The client device 104 is configured to access the computing device 102 and otherwise perform the functions described herein. The client device 104 may be embodied as any type of computation or computer device capable of performing the functions described herein, including, without limitation, a computer, a laptop computer, a notebook computer, a tablet computer, a mobile computing device, a wearable computing device, a multiprocessor system, a server, a rack-mounted server, a blade server, a network appliance, a web appliance, a distributed computing system, a processor-based system, and/or a consumer electronic device. Thus, the client device 104 includes components and devices commonly found in a computer or similar computing device, such as a processor, an I/O subsystem, a memory, a data storage device, and/or communication circuitry. Those individual components of the client device 104 may be similar to the corresponding components of the computing device 102, the description of which is applicable to the corresponding components of the client device 104 and is not repeated herein so as not to obscure the present disclosure.

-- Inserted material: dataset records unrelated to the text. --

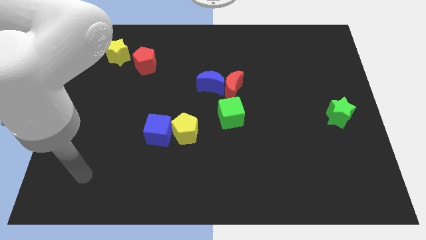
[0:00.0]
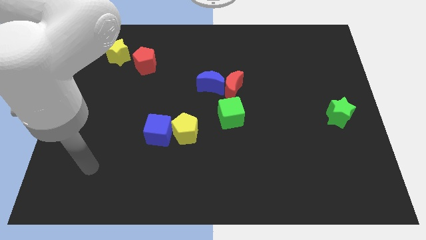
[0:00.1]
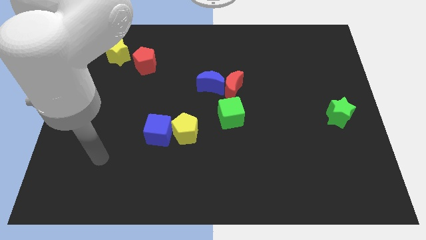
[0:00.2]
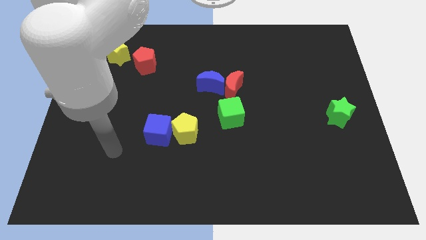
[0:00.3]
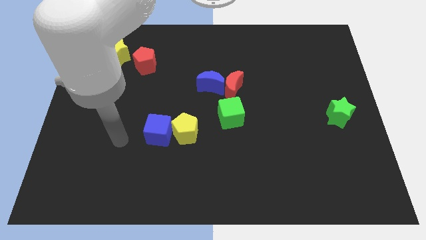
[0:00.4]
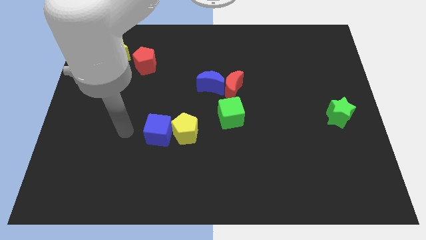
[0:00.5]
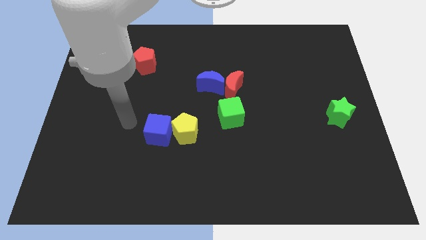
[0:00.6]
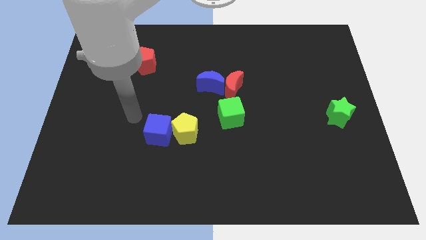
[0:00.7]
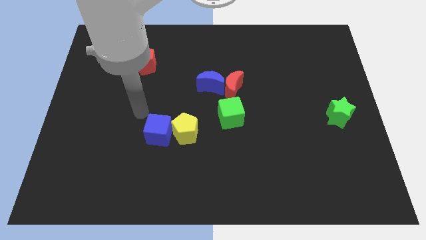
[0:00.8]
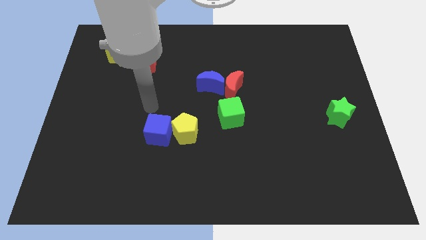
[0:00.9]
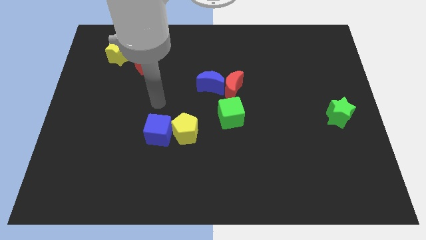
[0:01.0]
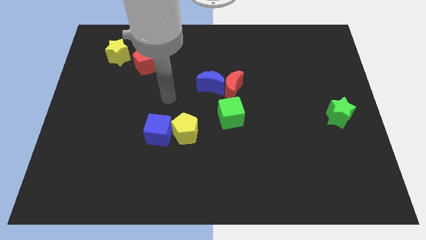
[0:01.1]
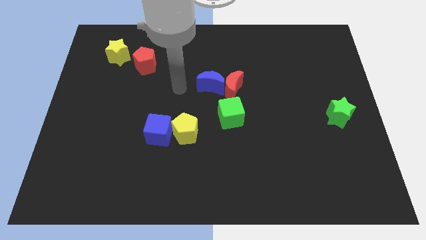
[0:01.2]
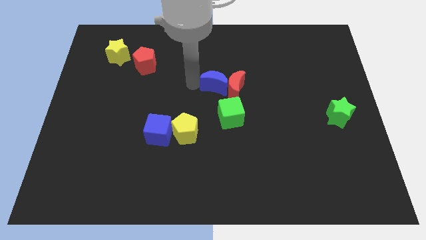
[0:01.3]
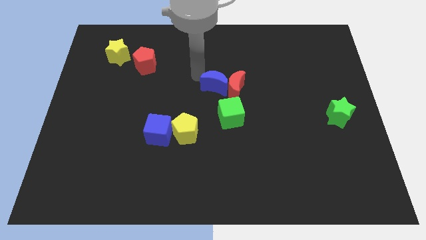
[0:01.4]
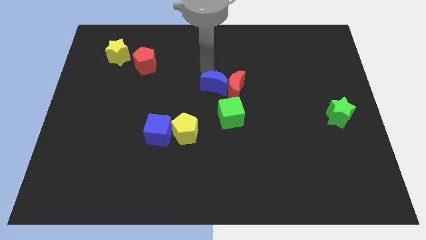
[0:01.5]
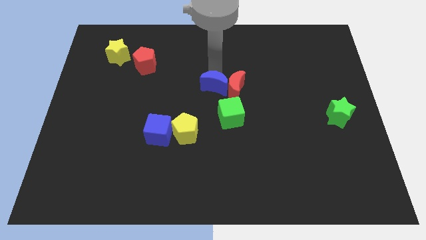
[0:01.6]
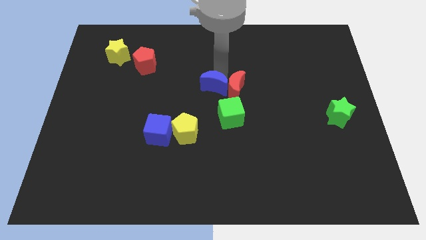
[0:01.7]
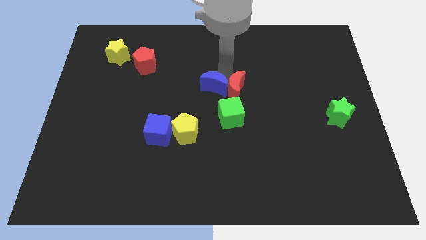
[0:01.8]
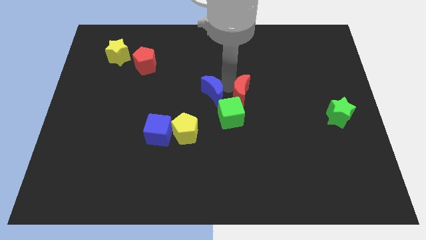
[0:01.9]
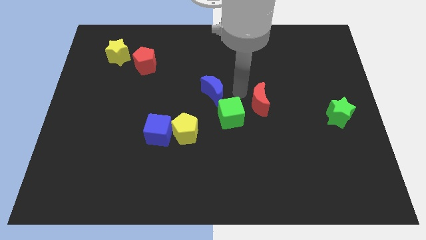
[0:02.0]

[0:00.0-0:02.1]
move the blue moon away from the red moon

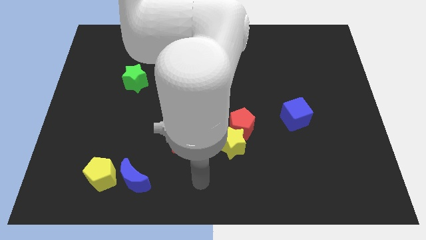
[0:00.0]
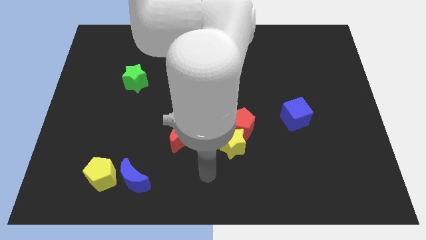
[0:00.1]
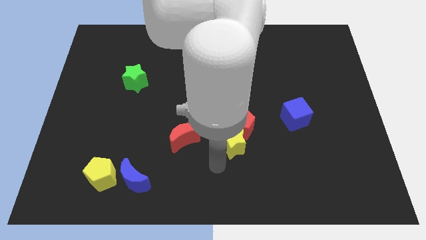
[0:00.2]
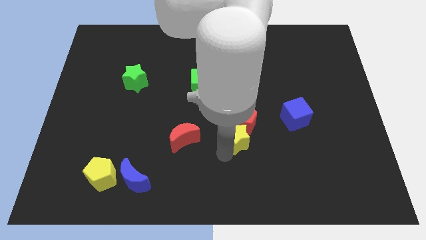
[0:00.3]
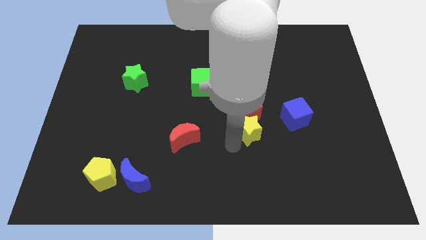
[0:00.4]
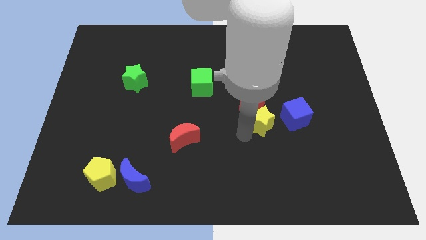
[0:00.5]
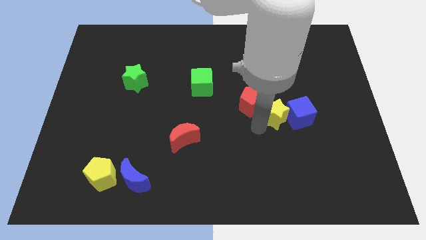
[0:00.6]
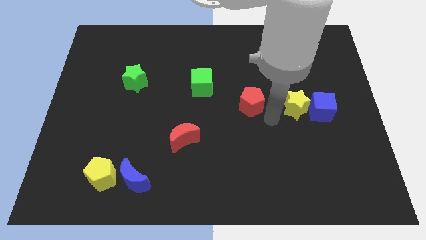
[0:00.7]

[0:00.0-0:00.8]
pull the red pentagon apart from the yellow star

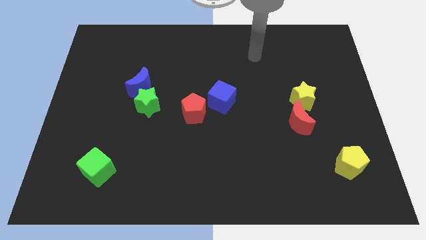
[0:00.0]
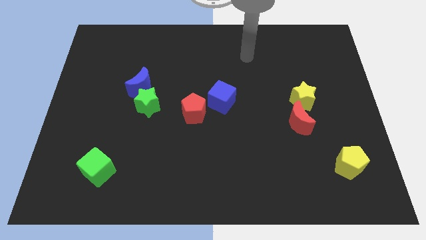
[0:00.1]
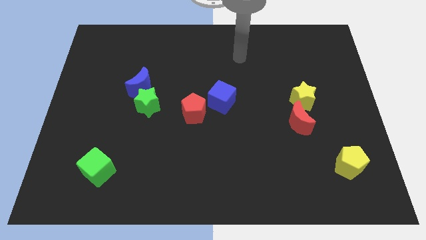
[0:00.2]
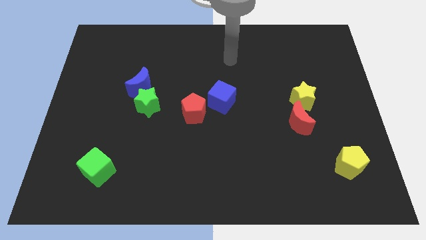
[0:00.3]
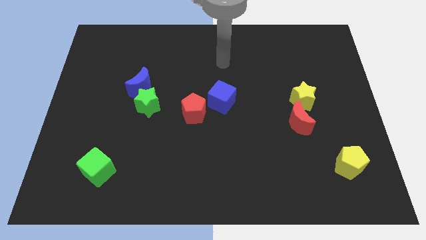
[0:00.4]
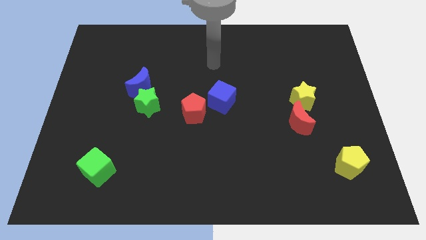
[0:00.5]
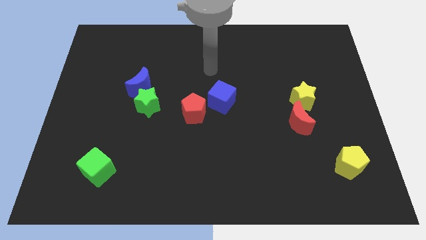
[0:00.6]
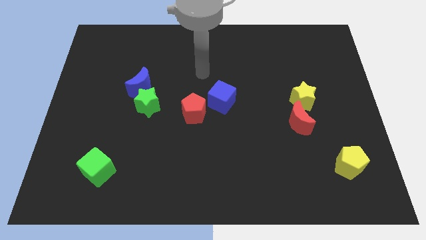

Each of the computing device 102 and/or the client devices 104 may be configured to transmit and receive data with each other and/or other devices of the system 100 over the network 106. The network 106 may be embodied as any number of various wired and/or wireless networks. For example, the network 106 may be embodied as, or otherwise include, a wired or wireless local area network (LAN), a wired or wireless wide area network (WAN), a cellular network, and/or a publicly-accessible, global network such as the Internet. As such, the network 106 may include any number of additional devices, such as additional computers, routers, stations, and switches, to facilitate communications among the devices of the system 100.

Referring now to FIG. 2, in the illustrative embodiment, the computing device 102 establishes an environment 200 during operation. The illustrative environment 200 includes query mapper 202, a genetic engineering (GE) context signature module 206, and a GE detection module 208. The various components of the environment 200 may be embodied as hardware, firmware, software, or a combination thereof. As such, in some embodiments, one or more of the components of the environment 200 may be embodied as circuitry or a collection of electrical devices (e.g., query mapper circuitry 202, GE context signature circuitry 206, and/or GE detection circuitry 208). It should be appreciated that, in such embodiments, one or more of those components may form a portion of the processor 120, the memory 124, the data storage 126, and/or other components of the computing device 102.

The query mapper 202 is configured to receive a query sequence for a biological specimen. The query sequence may be stored in or otherwise represented as query sequence data 204. The query sequence may comprise an amino acid sequence or a nucleotide sequence. In some embodiments, the query mapper 202 is further configured to determine an alignment of the query sequence against a predetermined database of sequences indicative of genetic engineering. In some embodiments, the query mapper 202 is further configured to determine an alignment of the query sequence for regions of interest. Each region of interest comprises a part of a whole protein translated region. The region of interest may comprise a protein that is indicative of genetic engineering, a predetermined protein sequence of interest, a protein associated with a biologically threatening function, and/or a predetermined protein.

The GE detection module 208 is configured to determine whether a similarity score associated with the alignment against the predetermined database of sequences indicative of genetic engineering has a predetermined relationship to a predetermined threshold, and to indicate presence of genetic engineering in response to determining that the similarity score has the predetermined relationship to the predetermined threshold. In some embodiments, the predetermined database may be a GE protein database 214, which comprises a database indicative of proteins, wherein each protein of the database 214 is indicative of genetic engineering. The proteins may include selectable markers, reporters, transcription regulators, post-translation regulators, gene editing/delivery proteins, plasmid replication proteins, protein couplers, protein folders, polymerases, and/or viral packaging/assembly proteins. Selectable markers may include a gene-encoded function that confers a selectable trait, wherein the trait may include a specific antibiotic resistance, a toxin, an antitoxin, and/or an auxotrophy marker. Reporters may include an enzymatic reporter, a direct optical reporter, and/or an analyte sensor. Transcription regulators may include a repressor and/or an activator. In some embodiments, the predetermined database may be GE organism database 216, which comprises a database indicative of organisms, wherein each organism of the database is indicative of genetic engineering. The organisms may include model organisms, delivery organisms, chassis/cloning organisms, and/or targeted protein overexpression organisms. In some embodiments, those functions of the GE detection module 208 may be performed by one or more sub-modules, such as a GE protein module 210 and/or a GE organism module 212.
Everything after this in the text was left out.